Similarity and distance metrics can be useful in these circumstances. Given two sets of strings, the synonym function allows applying these metrics. It returns a list of matches that can be used as a synonym lookup table. Hence the name. It takes the following parameters:

algorithms: A map of algorithm name to limit determining whether to include a term / variant pair. The algorithm names can be chosen from this list. Alternatively, you can use "SoundexSimilarity"
terms: A list of names to test against all variants
variants: A list of names to test against all terms
ignoreCase: ignore case when computing the distance (defaults to false)
ignoreEquality: include term / variant pairs that are equal in the result

The soundex similarity is higher for a pair of strings that sound similar in the english language:

$synonym({"SoundexSimilarity":2}, ["roast"], ["ghost", "boast", "hello"])

[
  {
    "synonym": "ghost",
    "term": "roast",
    "algotithm": "SoundexSimilarity",
    "value": 3
  },
  {
    "synonym": "boast",
    "term": "roast",
    "algotithm": "SoundexSimilarity",
    "value": 3
  }
]

Note that the pair "roast" and "hello" do not sound alike and, therefore, is not included.

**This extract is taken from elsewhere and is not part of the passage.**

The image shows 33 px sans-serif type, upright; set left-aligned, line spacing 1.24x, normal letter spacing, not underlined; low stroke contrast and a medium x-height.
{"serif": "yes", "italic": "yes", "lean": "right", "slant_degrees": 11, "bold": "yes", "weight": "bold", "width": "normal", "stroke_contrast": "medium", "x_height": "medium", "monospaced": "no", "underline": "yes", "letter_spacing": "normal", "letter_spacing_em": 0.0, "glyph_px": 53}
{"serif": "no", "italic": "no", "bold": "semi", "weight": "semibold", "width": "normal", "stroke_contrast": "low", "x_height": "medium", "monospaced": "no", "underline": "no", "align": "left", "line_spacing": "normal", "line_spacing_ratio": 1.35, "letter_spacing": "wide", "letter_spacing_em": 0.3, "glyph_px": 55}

The Levenshtein Distance calculates the minimal number of edits that is required to transform one string into the other. The smaller this number, the more similar the strings are. This is a good metric to match strings despite typos. Compared to apple, apples is included with a limit of 1, appl is too different and is not included.

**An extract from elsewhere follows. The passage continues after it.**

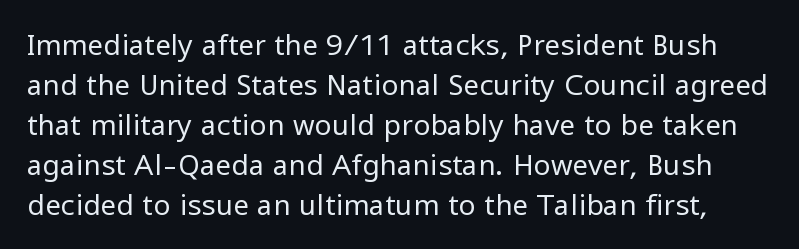
The image shows 28 px regular-weight sans-serif type, upright; set normal line spacing (1.43x), normal letter spacing, not underlined; low stroke contrast and a medium x-height.

$synonym({"LevenshteinDistance": 1}, ["apple"], ["apples", "appl"])

[
  {
    "synonym": "apples",
    "term": "apple",
    "algotithm": "LevenshteinDistance",
    "value": 1
  },
  {
    "synonym": "appl",
    "term": "apple",
    "algotithm": "LevenshteinDistance",
    "value": 1
  }
]

Document to Text

In order to include PDF and Word documents into your AI / ML and Low Code processes, it is crucial to be able to convert these assets into plain text. This functionality is available in the Dasjoin NLP container. You can run it as follows:

docker run -p 8081:8081 dashjoin/nlp

The container offers a conversion service that can be called as follows:

curl -X 'POST' \
  'http://localhost:8081/function/run/doc2text' \
  -H 'accept: application/json' \
  -H 'Content-Type: application/json' \
  -d '"https://pdfobject.com/pdf/sample.pdf"'

This example passes a URL to a PDF document. In turn, the extracted text is returned.

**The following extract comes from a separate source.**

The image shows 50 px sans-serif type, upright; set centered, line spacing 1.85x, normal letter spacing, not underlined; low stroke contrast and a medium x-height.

If the document is not available directly via a public URL, you can obtain it via some other means and pass it via a data URL as follows:

curl -X 'POST' \
  'http://localhost:8081/function/run/doc2text' \
  -H 'accept: application/json' \
  -H 'Content-Type: application/json' \
  -d '"data:application/pdf;base64,PGh0bWw+PHA+bXkgdGl0bGU8L3A+PC9odG1sPg=="'

Note that the data URL has the prefix: data:application/pdf;base64, The following data is a base 64 encoded HTML page.

In order to send a document from your upload folder, you can use the following JSONata code:

$curl("POST", "http://localhost:8081/function/run/doc2text", "data:application/pdf;base64," & $openText("file:upload/test.html", "BASE_64"))

The document is loaded via the openText function using base64 encoding. The data URL prefix is appended and fed into the curl command.